# Homework 2

## 1. Create Database and fill it

I will use the twitter sentiment dataset that is mentioned in the task. Originally it is a table with just 3 columns:
*   ItemID -- an index column
*   Sentiment -- a boolean value column, indicating the positive/negative sentiment of the tweet
*   SentimentText -- a text value, containing the text of the tweet



However, analyzing tweet texts we can often find mentions of other users, or some hashtags. I will find such mentions and hashtags in tweets and based on that create the following database with 5 tables:
*   `tweets` table, the original table untouched
*   `users` table, with 2 columns: `user_id`, `username` (only users that were at least once mentioned will be here)
*   `hashtags` table, with 2 columns: `hashtag_id`, `hashtag`
*   `mentions` table, with 3 columns: `mention_id`, `tweet_id` and `mention_id` (an entry here means that tweet with `tweet_id` mentions a user with `user_id`)
*   `hashtag_usage` table, with 3 columns: `hashtag_usage_id`, `tweet_id` and `hashtag_id` (an entry here means that tweet with `tweet_id` contains a hashtag with `hashtag_id`)

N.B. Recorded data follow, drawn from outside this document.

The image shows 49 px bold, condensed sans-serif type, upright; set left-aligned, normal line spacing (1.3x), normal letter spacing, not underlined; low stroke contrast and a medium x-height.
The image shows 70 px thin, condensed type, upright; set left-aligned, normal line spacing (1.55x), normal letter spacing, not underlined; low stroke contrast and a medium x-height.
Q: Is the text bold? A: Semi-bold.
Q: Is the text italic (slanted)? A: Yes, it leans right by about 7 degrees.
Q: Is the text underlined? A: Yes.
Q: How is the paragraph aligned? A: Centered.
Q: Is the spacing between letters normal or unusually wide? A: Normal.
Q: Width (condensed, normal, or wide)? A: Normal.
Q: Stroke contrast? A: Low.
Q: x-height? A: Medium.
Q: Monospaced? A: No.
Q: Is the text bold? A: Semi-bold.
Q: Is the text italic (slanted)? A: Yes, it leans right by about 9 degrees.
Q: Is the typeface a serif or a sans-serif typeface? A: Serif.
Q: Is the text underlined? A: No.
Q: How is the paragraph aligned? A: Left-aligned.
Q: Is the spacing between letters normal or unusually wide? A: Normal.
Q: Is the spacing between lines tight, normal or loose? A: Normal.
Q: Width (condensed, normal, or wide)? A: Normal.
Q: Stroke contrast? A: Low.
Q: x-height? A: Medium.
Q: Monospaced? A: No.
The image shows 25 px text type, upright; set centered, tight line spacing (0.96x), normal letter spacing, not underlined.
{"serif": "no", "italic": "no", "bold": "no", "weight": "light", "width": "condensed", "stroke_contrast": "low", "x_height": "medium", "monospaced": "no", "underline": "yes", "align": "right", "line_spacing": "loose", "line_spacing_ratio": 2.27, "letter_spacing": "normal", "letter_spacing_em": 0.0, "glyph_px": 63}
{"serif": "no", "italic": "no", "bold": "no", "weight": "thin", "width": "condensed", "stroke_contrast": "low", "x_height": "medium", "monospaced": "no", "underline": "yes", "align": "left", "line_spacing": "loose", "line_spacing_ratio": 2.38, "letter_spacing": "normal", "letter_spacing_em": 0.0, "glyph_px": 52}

Import sqlite and create tables:

In [1]:
import sqlite3

# connecting to the database
conn = sqlite3.connect('twitter.db')

# creating a cursor object we will be sending our queries to
c = conn.cursor()

In [2]:
# delete everything if there was something
c.execute("DROP TABLE IF EXISTS tweets")
c.execute("DROP TABLE IF EXISTS users")
c.execute("DROP TABLE IF EXISTS hashtags")
c.execute("DROP TABLE IF EXISTS mentions")
c.execute("DROP TABLE IF EXISTS hashtag_usage")

# create tables
c.execute("CREATE TABLE tweets(tweet_id INTEGER PRIMARY KEY AUTOINCREMENT, sentiment BOOL, text TEXT)")
c.execute("CREATE TABLE users(user_id INTEGER PRIMARY KEY AUTOINCREMENT, username STRING)")
c.execute("CREATE TABLE hashtags(hashtag_id INTEGER PRIMARY KEY AUTOINCREMENT, hashtag STRING)")
c.execute("CREATE TABLE mentions(mention_id INTEGER PRIMARY KEY AUTOINCREMENT, tweet_id INT, user_id INT)")
c.execute("CREATE TABLE hashtag_usage(hashtag_usage_id INTEGER PRIMARY KEY AUTOINCREMENT, tweet_id INT, hashtag_id INT)")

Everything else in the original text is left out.